In the US: Tuesdays, 9/8c, The Sci Fi Channel
In the UK: Acquired by Sky One, for airing this Summer
Small towns have lots of secrets. Think Blue Velvet. Think Northern Exposure. Think Hidden Palms.
Okay, don’t think Hidden Palms.
There’s even a new series coming up called Secrets of a Small Town that I’ll be reviewing this week.
Eureka has a big secret. It’s a town inhabited almost entirely by scientists, all doing research on crazy, crazy inventions. Just about anything important that’s been invented since World War Two (which is when Truman set up the town at Einstein’s instigation) came out of Eureka’s labs.
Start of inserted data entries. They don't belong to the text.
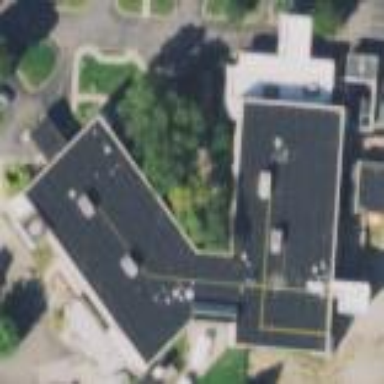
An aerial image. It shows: Building that houses veterinary clinic.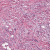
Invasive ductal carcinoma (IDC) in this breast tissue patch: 1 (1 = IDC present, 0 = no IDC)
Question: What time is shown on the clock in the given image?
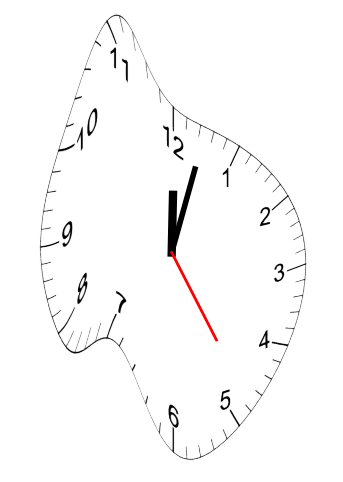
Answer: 12:02:24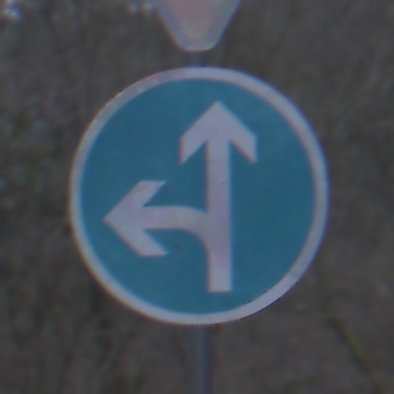
Verkehrszeichen: VorgeschriebeneFahrtrichtungGeradeausOderLinks
Zusatzzeichen oben: VorfahrtGewaehren
Umgebung: Outdoor, Nature
Tageszeit: MorningAfternoon
Wetter: Overcast
Licht: Natural
Jahreszeit: Winter
Kontrast: LowContrast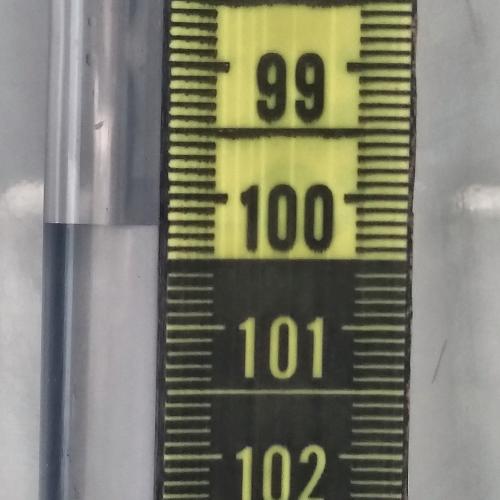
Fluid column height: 100.2 cm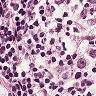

Into this most top-secret of small towns comes a US marshal and his charge, who also happens to be his daughter. They’ve been in a car crash and are looking for help. It isn’t long before they’re drawn into the strange yet everyday occurrences of Eureka, as big chunks of things start to go missing thanks to an experiment gone wrong.
I’d like to tell you more about Eureka. I’d like to offer an exciting and incisive opinion about Eureka. But the show’s like porridge. You can work your way through it for two hours and still not discover if it has a taste or not.
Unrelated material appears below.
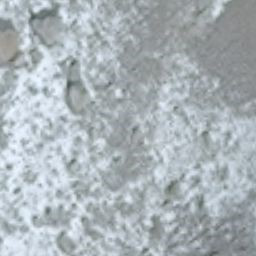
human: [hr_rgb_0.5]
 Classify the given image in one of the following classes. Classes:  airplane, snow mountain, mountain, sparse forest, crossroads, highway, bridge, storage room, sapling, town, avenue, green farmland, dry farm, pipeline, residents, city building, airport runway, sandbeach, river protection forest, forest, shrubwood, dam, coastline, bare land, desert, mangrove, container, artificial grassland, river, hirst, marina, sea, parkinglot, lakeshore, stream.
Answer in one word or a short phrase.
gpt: snow mountain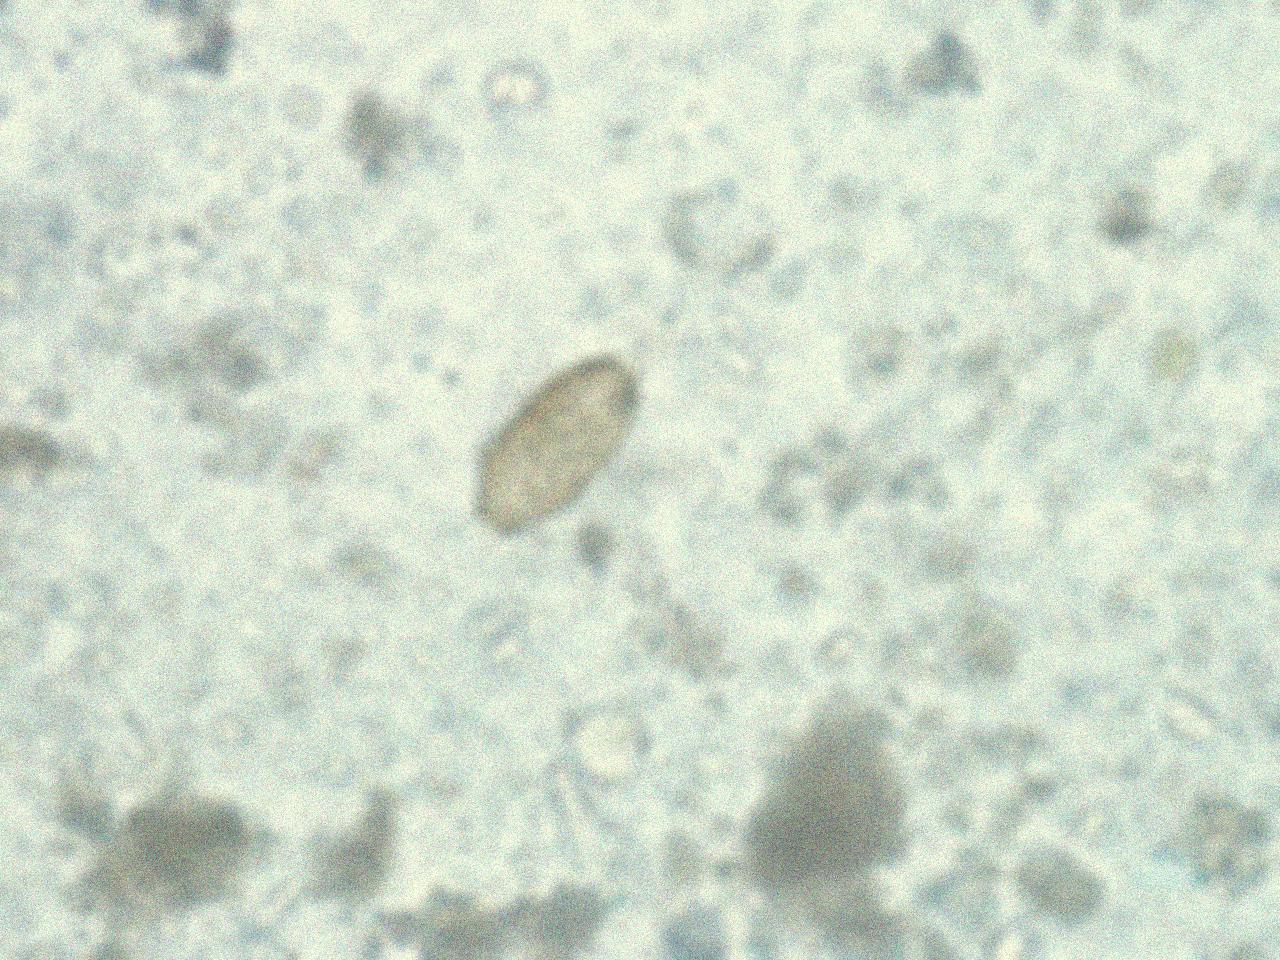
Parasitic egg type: Trichuris trichiura

Eureka is perfectly competent television. It’ll fill an hour or two of your time. You may even recall enjoying it. But at the end of it, you won’t know why, and you won’t be able to remember really much about it at all. All you’ll remember is that you spent your time watching Eureka.
Don’t expect the moon on a stick and you won’t be disappointed by the show. It’ll fill time while you’re waiting for something else quite merrily. Or you could do something else more interesting, which is what I’d advise.
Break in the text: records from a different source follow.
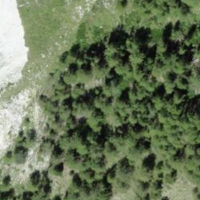
EUNIS habitat code: 43
Species observed at this site:
Rupicapra rupicapra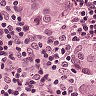
Metastatic tissue present: yes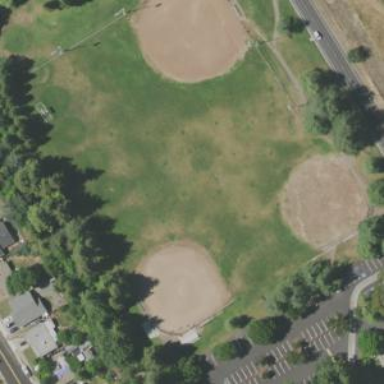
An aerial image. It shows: Grass pitch used for baseball.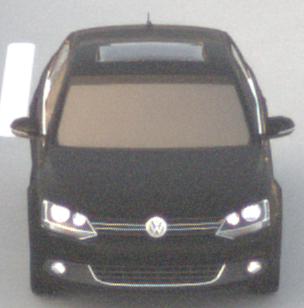
Make: VW
Model: Jetta 1.2 TSI
Detailed model: Jetta (IV)
Model produced from: 2011/01
Model produced until: 2014/08
Doors: 4
Color: black
Road condition: dry road
Daytime: sunrise or sunset
Contrast: low contrast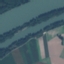
Land use / land cover class: River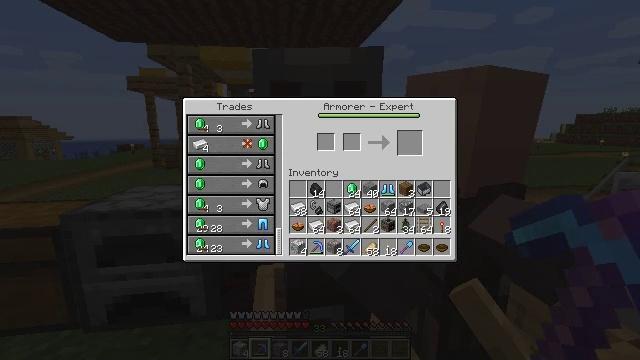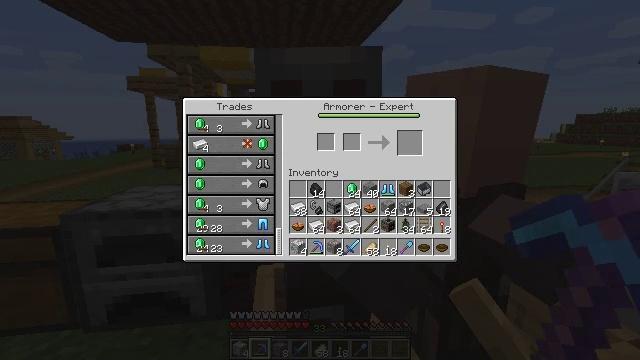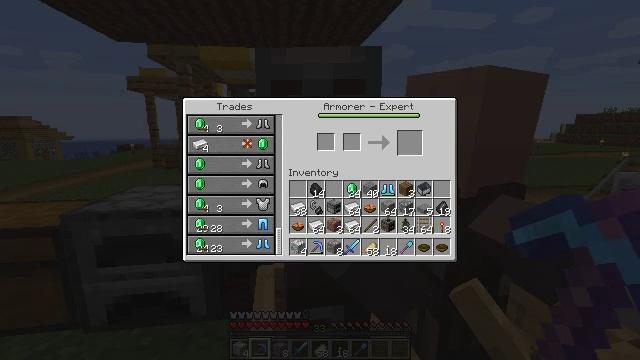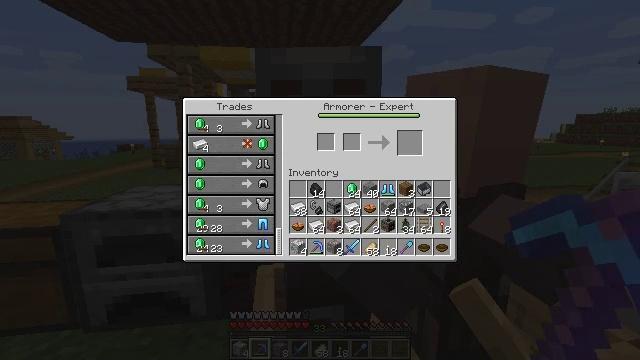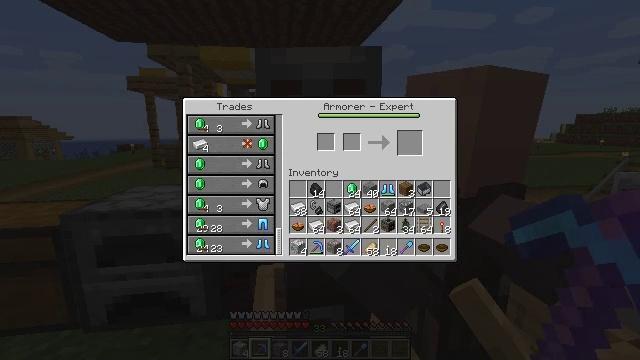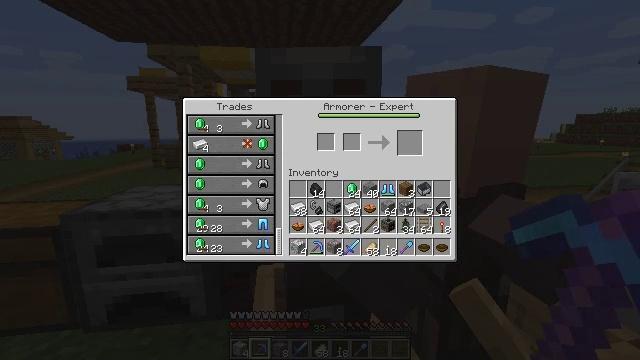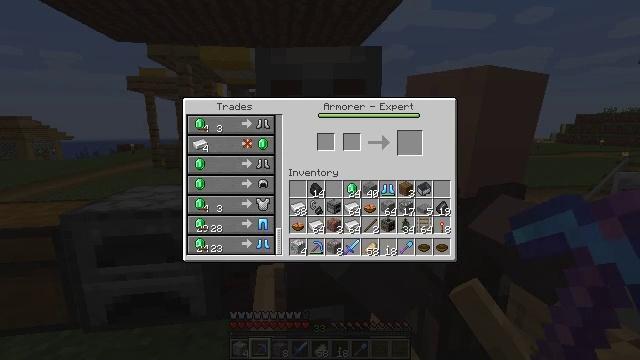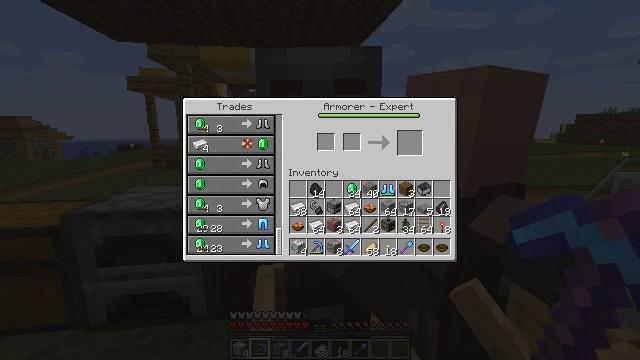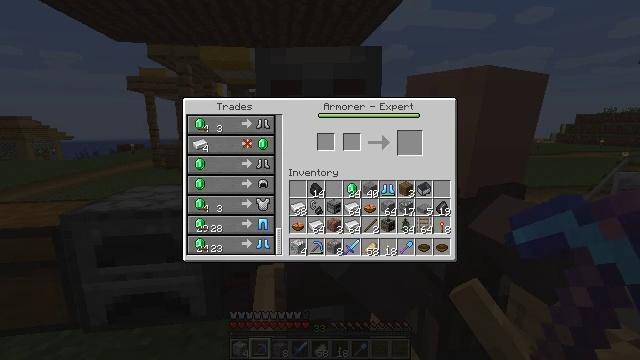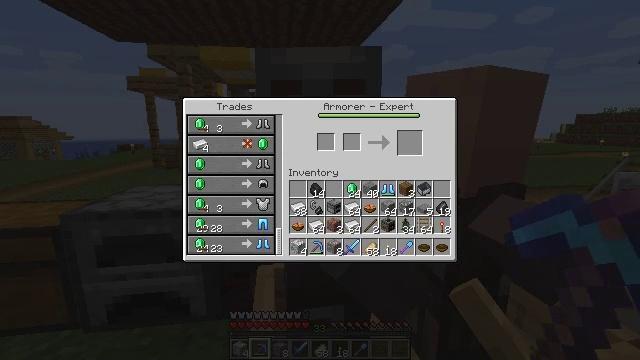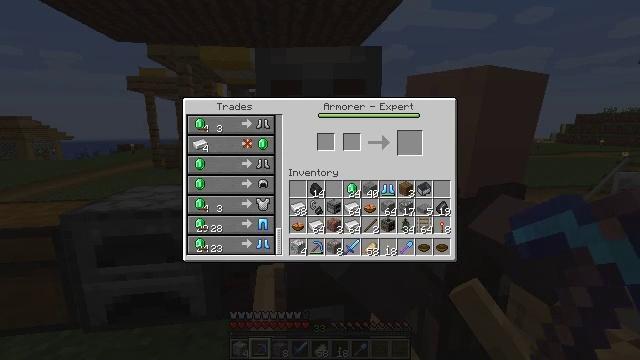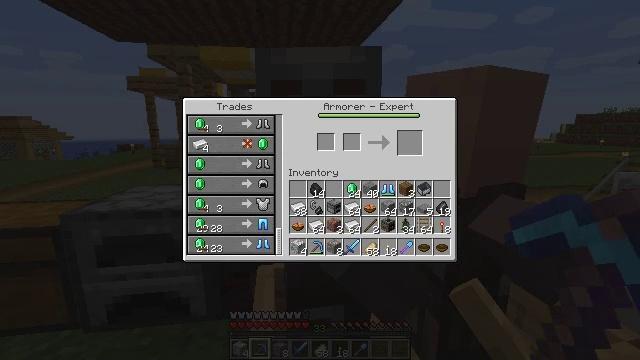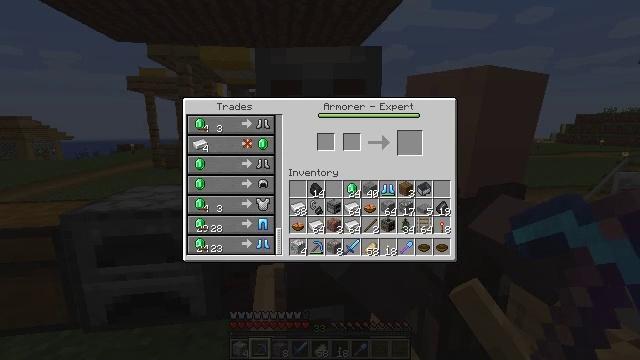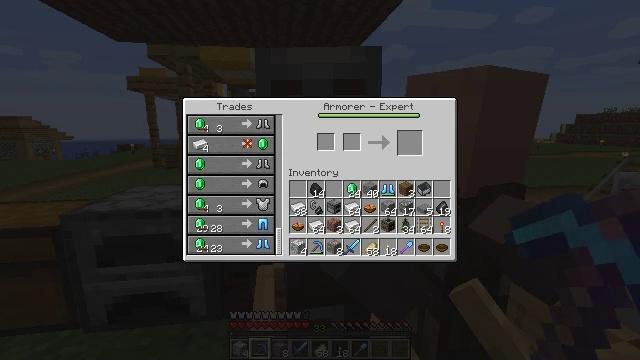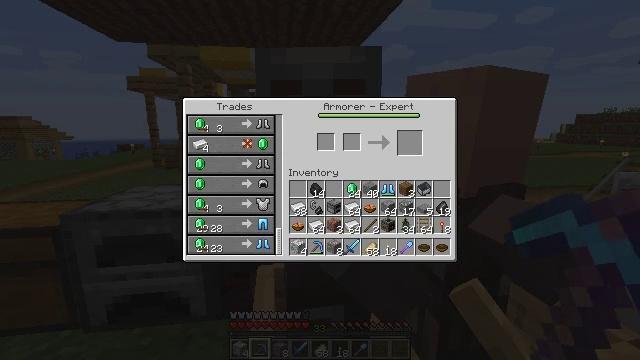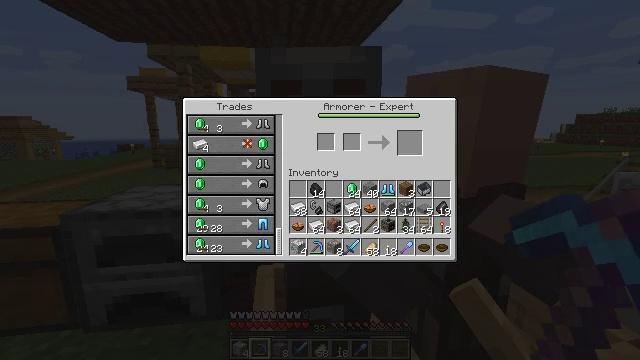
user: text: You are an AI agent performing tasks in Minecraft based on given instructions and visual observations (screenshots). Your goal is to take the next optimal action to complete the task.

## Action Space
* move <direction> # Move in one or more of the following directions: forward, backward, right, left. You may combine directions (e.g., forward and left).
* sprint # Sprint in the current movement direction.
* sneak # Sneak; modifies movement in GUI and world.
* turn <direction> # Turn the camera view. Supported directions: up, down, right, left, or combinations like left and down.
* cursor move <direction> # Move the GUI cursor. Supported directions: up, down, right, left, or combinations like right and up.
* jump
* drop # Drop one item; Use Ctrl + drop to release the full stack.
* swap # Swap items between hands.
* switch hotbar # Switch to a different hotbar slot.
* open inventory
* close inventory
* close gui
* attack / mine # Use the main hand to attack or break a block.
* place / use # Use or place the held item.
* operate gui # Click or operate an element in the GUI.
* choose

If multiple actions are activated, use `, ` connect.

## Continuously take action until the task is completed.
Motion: motion action
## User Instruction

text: Combine materials on the crafting table to craft a chainmail chestplate.
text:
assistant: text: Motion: no_op
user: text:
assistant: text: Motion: no_op
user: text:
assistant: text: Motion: no_op
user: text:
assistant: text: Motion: no_op
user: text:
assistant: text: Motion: no_op
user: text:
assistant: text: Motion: no_op
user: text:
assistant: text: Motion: no_op
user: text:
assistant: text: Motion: no_op
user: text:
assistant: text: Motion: no_op
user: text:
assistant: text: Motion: no_op
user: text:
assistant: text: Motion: no_op
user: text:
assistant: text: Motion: no_op
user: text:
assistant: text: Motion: no_op
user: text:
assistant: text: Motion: no_op
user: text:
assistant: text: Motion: no_op
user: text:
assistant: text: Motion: no_op
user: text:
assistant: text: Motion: no_op
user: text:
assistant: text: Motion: no_op
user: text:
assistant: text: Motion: no_op
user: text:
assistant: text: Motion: no_op
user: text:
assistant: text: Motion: no_op
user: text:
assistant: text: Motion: no_op
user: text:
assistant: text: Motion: no_op
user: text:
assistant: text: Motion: no_op
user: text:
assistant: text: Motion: no_op
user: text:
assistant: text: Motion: no_op
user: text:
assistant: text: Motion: no_op
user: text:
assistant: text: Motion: no_op
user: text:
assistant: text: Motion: no_op
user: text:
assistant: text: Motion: no_op

You can find out more about Eureka at the SciFi Channel’s Eureka page. You can also watch the entire two-hour pilot over on SciFi Pulse. You probably won’t remember doing that afterwards, though.
UPDATE: Despite claiming I was going to be reviewing Secrets of a Small Town, I’m not going to because the pilot hasn’t been picked up by ABC. That’s probably because it was rubbish.